Aider Polyglot Benchmark
#1
by
whoisjeremylam
- opened
Here are the results of a single pass through the current Aider benchmark. These results are for the non-quant'd as per this repo.
pass_rate_2 seems to be a little lower than the reported rate for the default BF16. In the Aider Discord, they seem to report BF16 to be 32.4.
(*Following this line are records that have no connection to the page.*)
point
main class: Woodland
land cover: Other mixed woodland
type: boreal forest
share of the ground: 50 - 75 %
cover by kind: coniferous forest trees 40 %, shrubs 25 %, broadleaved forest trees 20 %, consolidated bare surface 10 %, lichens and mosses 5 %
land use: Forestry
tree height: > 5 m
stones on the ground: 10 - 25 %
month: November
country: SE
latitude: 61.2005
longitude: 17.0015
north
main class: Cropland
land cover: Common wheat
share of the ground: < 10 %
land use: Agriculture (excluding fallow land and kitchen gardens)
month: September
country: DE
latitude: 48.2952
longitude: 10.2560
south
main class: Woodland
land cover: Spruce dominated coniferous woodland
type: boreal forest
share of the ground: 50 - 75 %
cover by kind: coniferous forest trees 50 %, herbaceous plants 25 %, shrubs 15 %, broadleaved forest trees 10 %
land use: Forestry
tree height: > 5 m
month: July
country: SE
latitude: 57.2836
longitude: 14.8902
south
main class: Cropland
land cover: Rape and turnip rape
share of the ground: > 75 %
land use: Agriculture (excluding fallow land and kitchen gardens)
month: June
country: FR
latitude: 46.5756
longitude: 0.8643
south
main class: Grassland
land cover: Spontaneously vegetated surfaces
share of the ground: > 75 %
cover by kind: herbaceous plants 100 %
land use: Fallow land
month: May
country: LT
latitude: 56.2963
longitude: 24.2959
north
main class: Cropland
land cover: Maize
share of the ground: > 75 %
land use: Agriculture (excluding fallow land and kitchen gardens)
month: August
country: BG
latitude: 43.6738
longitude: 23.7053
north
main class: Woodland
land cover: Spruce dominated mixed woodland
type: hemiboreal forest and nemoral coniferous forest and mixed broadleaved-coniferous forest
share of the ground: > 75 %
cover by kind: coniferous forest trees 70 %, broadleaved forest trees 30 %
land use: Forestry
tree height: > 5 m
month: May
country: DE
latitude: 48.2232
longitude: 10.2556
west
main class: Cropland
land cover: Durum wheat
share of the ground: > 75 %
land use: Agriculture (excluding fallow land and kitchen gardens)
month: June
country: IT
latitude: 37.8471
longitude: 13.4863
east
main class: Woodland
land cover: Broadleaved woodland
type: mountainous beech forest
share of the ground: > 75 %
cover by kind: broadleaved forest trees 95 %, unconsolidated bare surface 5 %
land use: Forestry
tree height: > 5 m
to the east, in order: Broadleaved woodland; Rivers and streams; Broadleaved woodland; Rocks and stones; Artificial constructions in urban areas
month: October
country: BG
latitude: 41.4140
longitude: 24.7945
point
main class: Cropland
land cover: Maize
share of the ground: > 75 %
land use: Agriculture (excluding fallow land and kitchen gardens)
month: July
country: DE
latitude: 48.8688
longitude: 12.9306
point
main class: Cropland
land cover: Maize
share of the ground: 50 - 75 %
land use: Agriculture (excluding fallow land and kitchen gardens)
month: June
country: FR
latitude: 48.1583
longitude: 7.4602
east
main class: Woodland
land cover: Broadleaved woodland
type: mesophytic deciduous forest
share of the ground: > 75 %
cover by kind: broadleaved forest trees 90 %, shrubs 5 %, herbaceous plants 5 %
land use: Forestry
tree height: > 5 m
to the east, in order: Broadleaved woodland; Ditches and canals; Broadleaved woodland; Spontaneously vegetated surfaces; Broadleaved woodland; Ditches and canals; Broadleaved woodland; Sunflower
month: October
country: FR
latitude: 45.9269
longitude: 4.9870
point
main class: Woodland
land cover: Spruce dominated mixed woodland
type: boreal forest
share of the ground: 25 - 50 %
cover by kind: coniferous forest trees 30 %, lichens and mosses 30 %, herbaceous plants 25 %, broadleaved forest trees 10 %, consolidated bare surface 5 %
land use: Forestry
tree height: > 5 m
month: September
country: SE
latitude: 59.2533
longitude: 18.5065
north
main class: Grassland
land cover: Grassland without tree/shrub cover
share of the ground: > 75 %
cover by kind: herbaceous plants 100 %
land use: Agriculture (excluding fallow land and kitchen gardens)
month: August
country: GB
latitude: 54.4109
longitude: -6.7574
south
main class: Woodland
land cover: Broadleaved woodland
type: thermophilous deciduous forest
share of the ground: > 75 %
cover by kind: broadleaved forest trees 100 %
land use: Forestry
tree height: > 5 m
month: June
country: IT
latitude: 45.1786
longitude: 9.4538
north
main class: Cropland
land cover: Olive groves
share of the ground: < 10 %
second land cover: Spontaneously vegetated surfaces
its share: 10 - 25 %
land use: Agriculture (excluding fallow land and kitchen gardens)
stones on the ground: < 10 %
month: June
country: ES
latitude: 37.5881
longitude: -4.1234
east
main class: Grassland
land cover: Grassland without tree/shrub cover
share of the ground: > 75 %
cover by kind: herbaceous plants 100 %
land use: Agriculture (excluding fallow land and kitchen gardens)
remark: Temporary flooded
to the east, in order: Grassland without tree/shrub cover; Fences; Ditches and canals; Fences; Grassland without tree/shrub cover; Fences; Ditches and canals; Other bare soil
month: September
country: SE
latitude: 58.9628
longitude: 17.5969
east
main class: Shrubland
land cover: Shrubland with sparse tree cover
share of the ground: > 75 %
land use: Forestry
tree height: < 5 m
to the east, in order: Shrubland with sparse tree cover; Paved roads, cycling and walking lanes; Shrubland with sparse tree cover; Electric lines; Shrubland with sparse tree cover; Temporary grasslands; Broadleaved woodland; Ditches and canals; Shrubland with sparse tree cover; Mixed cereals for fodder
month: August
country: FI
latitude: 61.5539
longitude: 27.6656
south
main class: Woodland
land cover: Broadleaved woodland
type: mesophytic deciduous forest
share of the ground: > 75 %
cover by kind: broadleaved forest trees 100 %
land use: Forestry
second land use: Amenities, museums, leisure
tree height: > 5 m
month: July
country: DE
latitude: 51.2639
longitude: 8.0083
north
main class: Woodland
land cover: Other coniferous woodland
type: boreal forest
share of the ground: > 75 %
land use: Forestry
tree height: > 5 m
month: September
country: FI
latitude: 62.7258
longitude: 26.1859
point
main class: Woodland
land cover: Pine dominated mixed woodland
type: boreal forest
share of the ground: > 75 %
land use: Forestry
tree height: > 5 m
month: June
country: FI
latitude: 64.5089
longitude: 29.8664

I'm a newb when it comes to Aider and vllm, so I've also included the command lines I used in case there is something wrong.
Serve:
CUDA_VISIBLE_DEVICES=0,1 \
vllm serve \
--port 5000 \
--gpu-memory-utilization=0.95 \
--max_model_len=131072 \
--pipeline-parallel-size 2 \
--model=/home/ai/models/cerebras/Qwen3-Coder-REAP-25B-A3B \
--served-model-name Qwen3-Coder-REAP-25B-A3B
Aider:
./benchmark/benchmark.py Qwen3-Coder-REAP-25B-A3B --model openai/Qwen3-Coder-REAP-25B-A3B --edit-format diff --threads 1 --exercises-dir polyglot-benchmark
Results:
- dirname: 2025-10-22-11-21-46--Qwen3-Coder-REAP-25B-A3B
test_cases: 225
model: openai/Qwen3-Coder-REAP-25B-A3B
edit_format: diff
commit_hash: 11516d6
pass_rate_1: 12.0
pass_rate_2: 27.6
pass_num_1: 27
pass_num_2: 62
percent_cases_well_formed: 94.7
error_outputs: 20
num_malformed_responses: 19
num_with_malformed_responses: 12
user_asks: 114
lazy_comments: 1
syntax_errors: 0
indentation_errors: 0
exhausted_context_windows: 1
prompt_tokens: 3341547
completion_tokens: 549320
test_timeouts: 5
total_tests: 225
command: aider --model openai/Qwen3-Coder-REAP-25B-A3B
date: 2025-10-22
versions: 0.86.2.dev
seconds_per_case: 35.2
total_cost: 0.0000
Interesting, so it did decrease a bit in pass rate. Thank you.